Tried to ask support to increase the API limit temporarily but they said no.

@ym can you please the ticket ID to us or reply to this ticket with the explicit mention of my name?

LKaemmerling avatar Sep 30 '22 08:09 LKaemmerling

@LKaemmerling

Thanks, the ticket ID is #2022083103009613

ym avatar Sep 30 '22 08:09 ym

@ym you will get an answer :)

We want to debug this even further. With one of the last releases, we got a contribution that added metrics to all API calls (https://github.com/hetznercloud/hcloud-cloud-controller-manager/pull/303). You should be able to see how often specific endpoints were called by looking at the metrics of the CCM. Can you send us maybe a screenshot from your grafana dashboard - or if possible - send us access to this dashboard via mail to lukas.kaemmerling(at)hetzner-cloud.de ?

LKaemmerling avatar Sep 30 '22 08:09 LKaemmerling

@ym okay you won't get a mail :D i have the honor to say that your limit was just increased :)

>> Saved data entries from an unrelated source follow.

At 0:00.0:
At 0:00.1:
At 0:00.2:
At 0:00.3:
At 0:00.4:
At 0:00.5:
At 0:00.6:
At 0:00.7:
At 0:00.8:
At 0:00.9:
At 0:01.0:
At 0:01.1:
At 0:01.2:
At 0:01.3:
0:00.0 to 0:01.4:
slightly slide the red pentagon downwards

LKaemmerling avatar Sep 30 '22 08:09 LKaemmerling

@ym And we apologize for the trouble, because

Sad that Hetzner is not willing to increase the rate limits

we do increase API Limits for various use-cases. In this case the request was unfortunately not forwarded to the responsible department. We already contacted the support to refresh the knowledge of the proper workflow for these requests.

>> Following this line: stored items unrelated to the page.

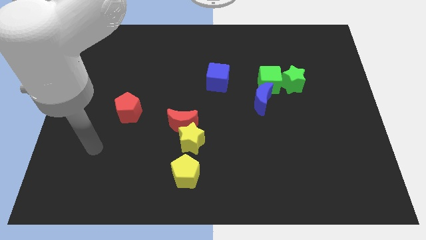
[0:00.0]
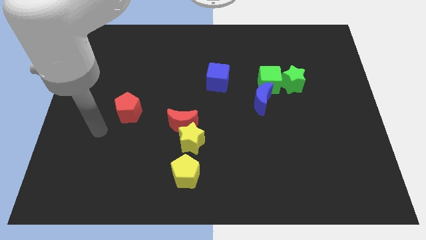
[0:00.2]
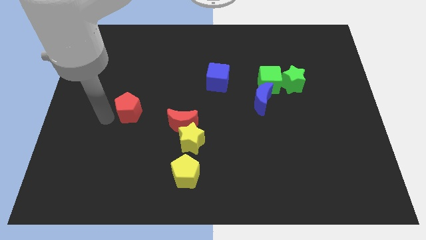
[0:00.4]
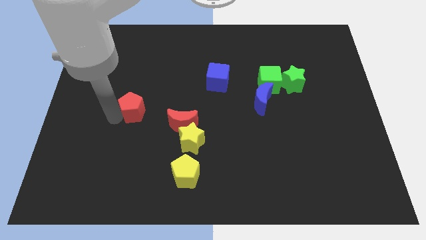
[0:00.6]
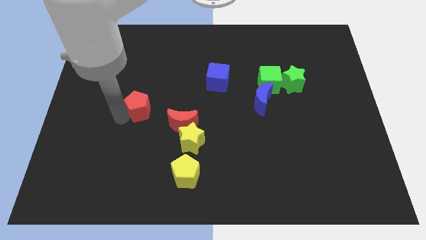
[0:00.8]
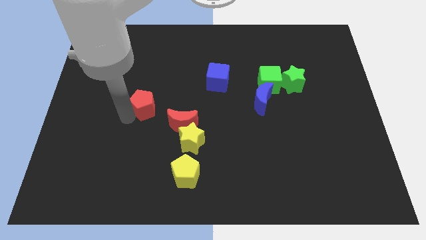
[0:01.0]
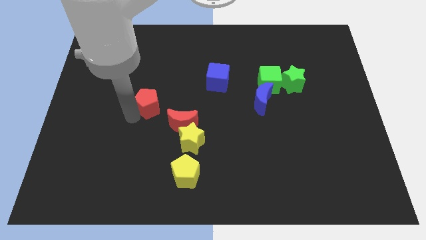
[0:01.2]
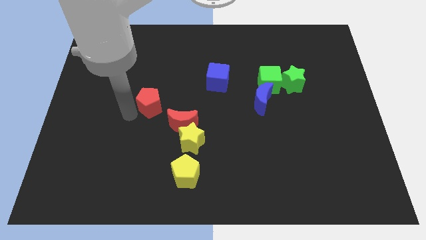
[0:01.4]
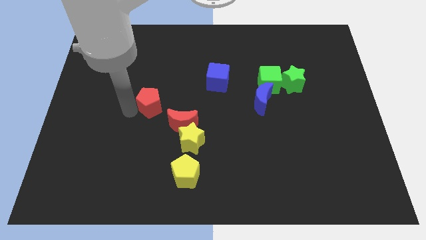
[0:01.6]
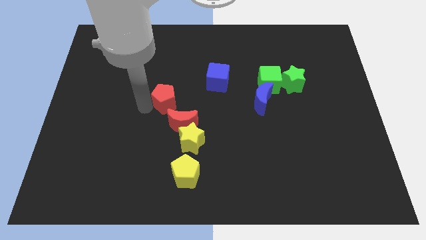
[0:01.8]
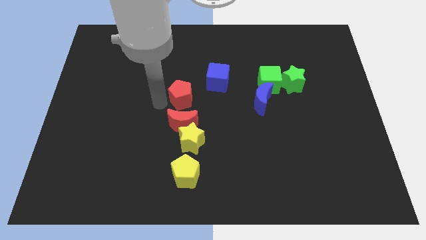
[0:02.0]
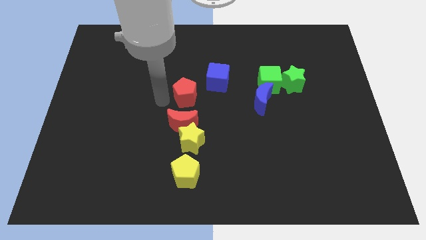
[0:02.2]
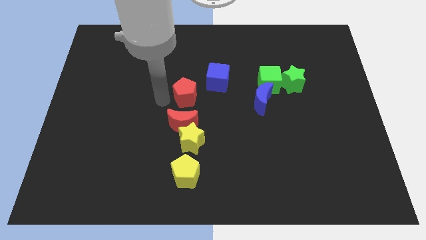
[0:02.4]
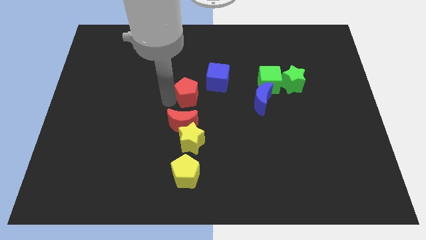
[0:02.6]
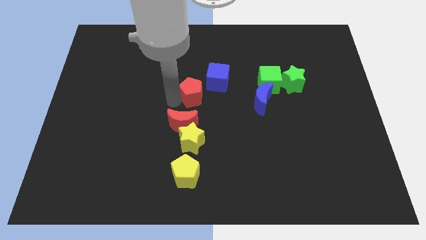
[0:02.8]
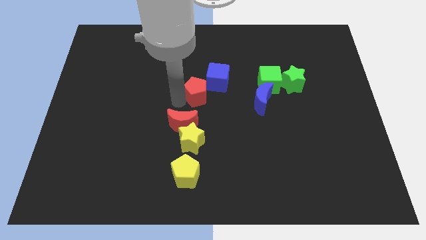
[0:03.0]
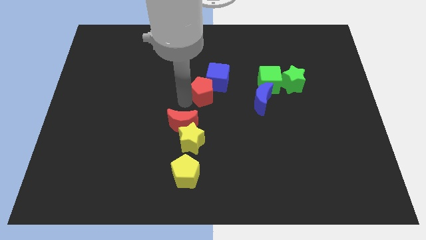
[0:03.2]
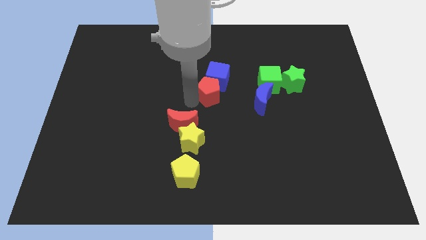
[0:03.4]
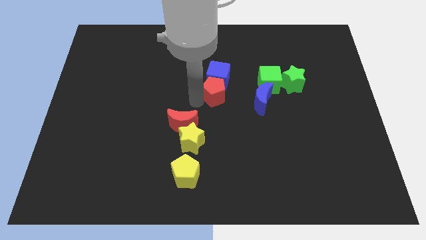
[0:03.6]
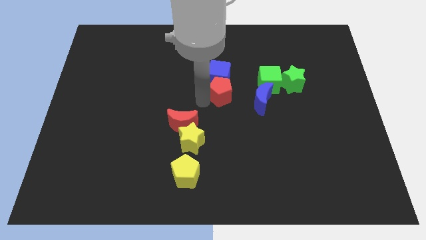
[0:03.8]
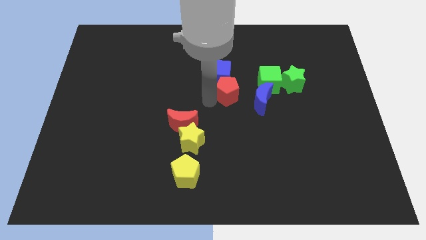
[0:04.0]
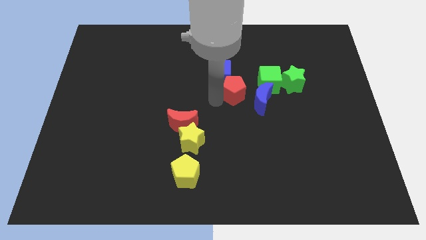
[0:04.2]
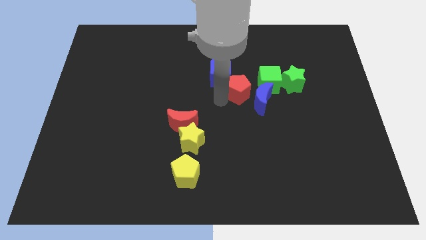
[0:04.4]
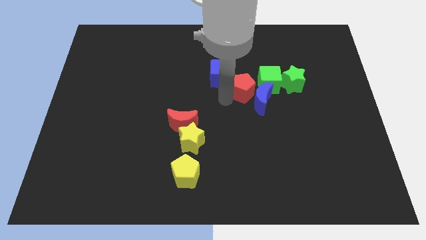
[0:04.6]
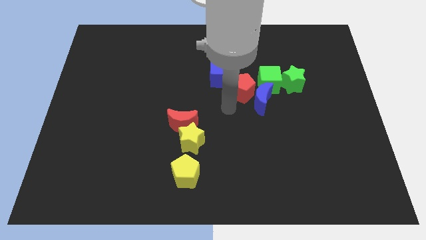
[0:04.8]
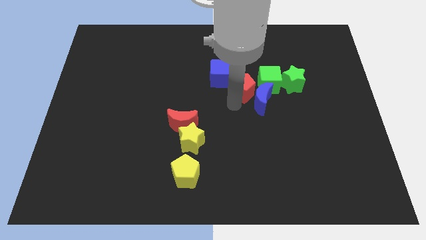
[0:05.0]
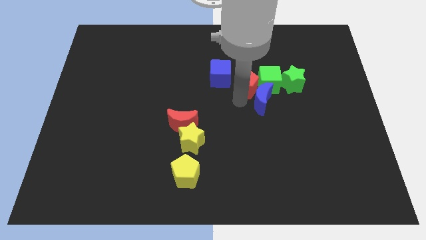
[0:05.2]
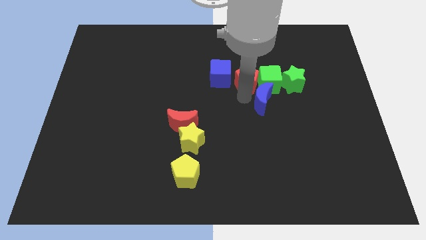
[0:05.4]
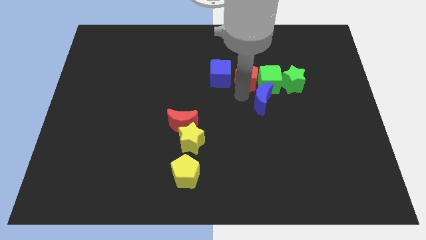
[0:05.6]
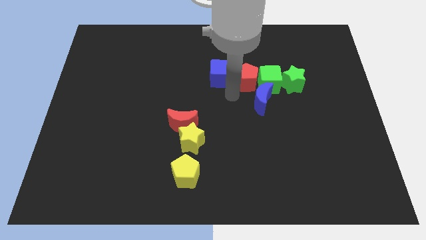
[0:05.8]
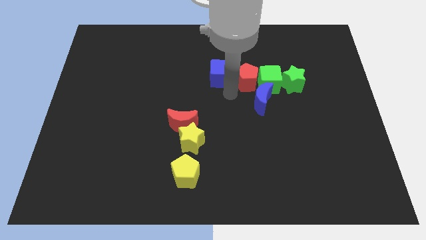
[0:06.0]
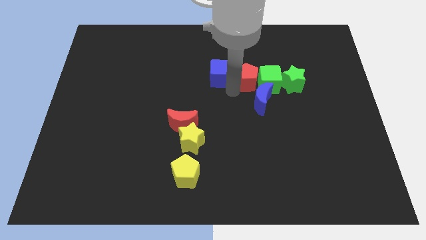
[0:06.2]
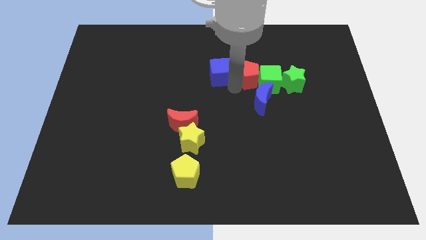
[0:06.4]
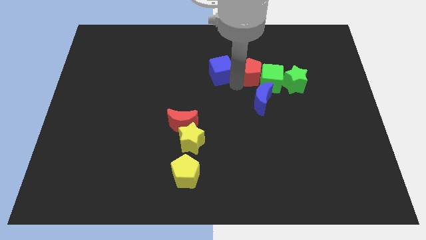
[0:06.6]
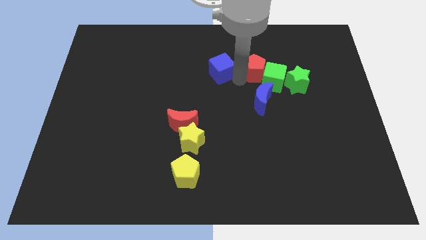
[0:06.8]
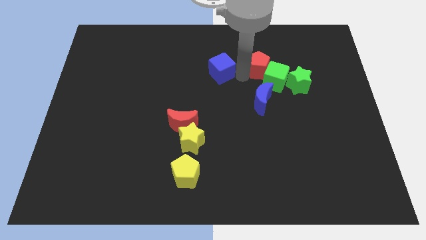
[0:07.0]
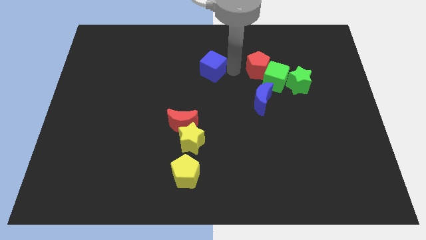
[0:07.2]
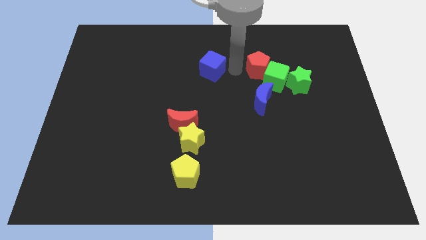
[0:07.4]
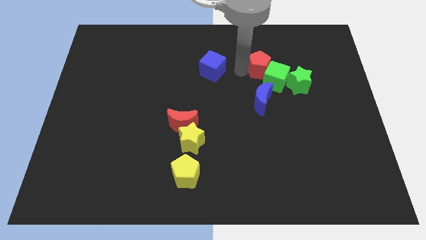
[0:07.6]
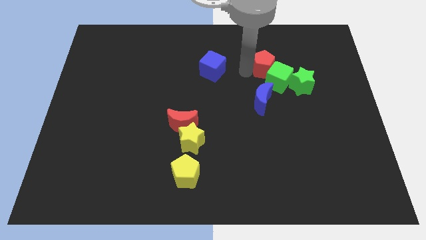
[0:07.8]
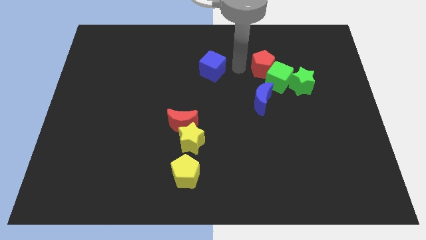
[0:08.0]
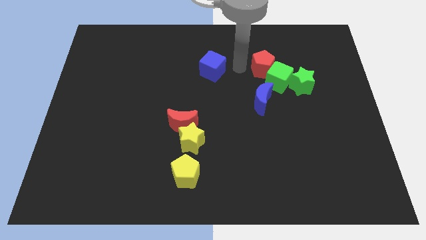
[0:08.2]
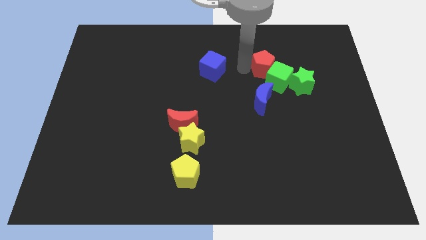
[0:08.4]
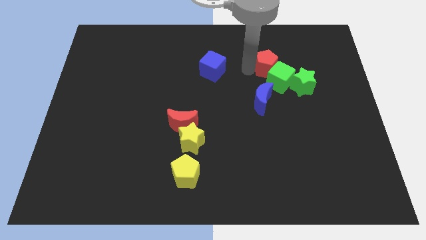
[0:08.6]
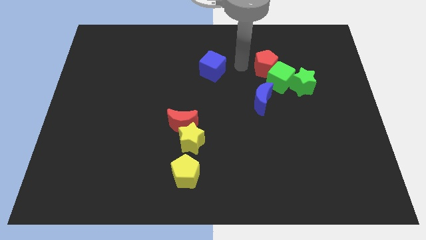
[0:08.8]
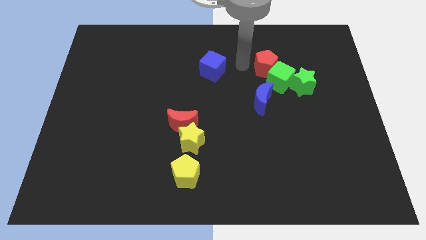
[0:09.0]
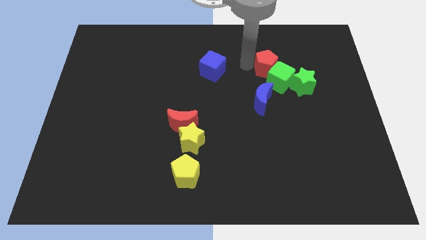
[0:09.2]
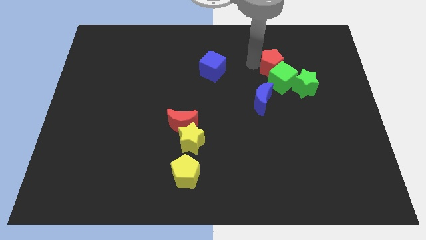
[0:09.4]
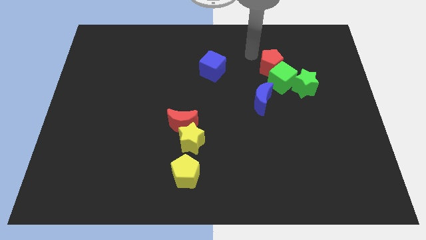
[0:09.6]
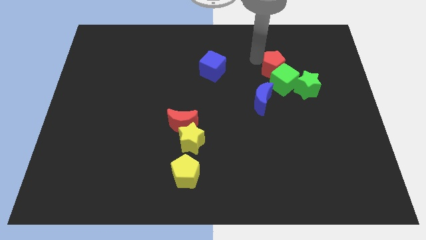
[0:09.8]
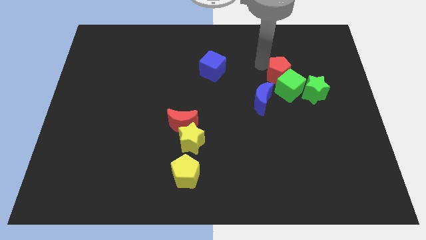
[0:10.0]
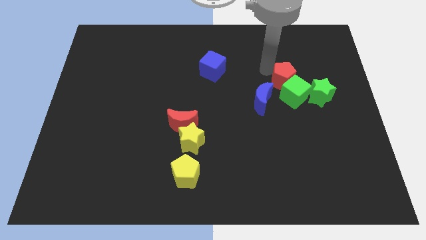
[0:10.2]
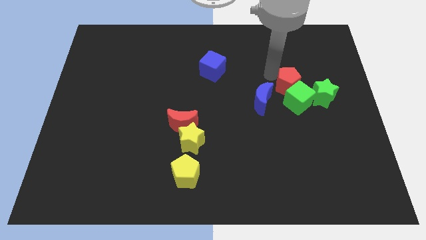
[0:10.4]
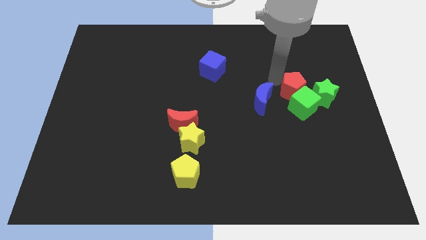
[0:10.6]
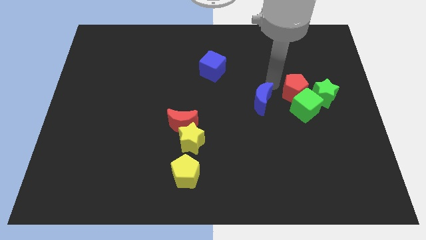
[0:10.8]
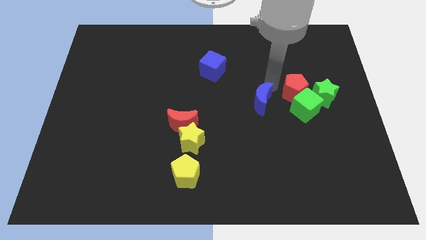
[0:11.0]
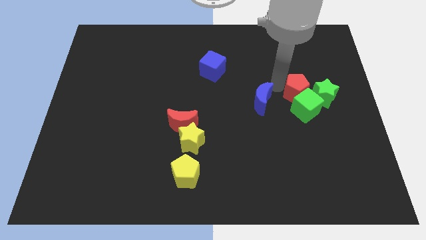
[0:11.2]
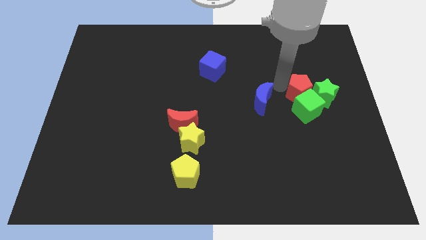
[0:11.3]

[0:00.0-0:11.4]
push the red pentagon close to the green star

Kjarrigan avatar Sep 30 '22 08:09 Kjarrigan

I'm also currently running into rate limit issues.. Are there any plans to maybe increase limits for endpoints used by this CCM?

Especially when doing maintenance on your cluster (adding nodes, testing nodes, removing nodes, ... ) you'll be rate limited very fast. It's quite annoying tbh.

maaft avatar Nov 01 '22 12:11 maaft

I'm struggling everyday with that ,if I hadn't invested so much time to deploy k8s and all apps in hetzner , the first thing that I would do is to move out . Sorry guys , but thats absolute amateur work here, the worst api service that seen ever.

mmpetarpeshev avatar Nov 01 '22 12:11 mmpetarpeshev

@maaft @mmpetarpeshev could you please try to do what I requested here: https://github.com/hetznercloud/hcloud-cloud-controller-manager/issues/308#issuecomment-1263282005

We need to understand what you cluster is doing :)

LKaemmerling avatar Nov 01 '22 15:11 LKaemmerling

thanks @LKaemmerling will try these days to get these metrics and provide it to you.

mmpetarpeshev avatar Nov 01 '22 16:11 mmpetarpeshev

This issue has been marked as stale because it has not had recent activity. The bot will close the issue if no further action occurs.

github-actions[bot] avatar Jan 01 '23 12:01 github-actions[bot]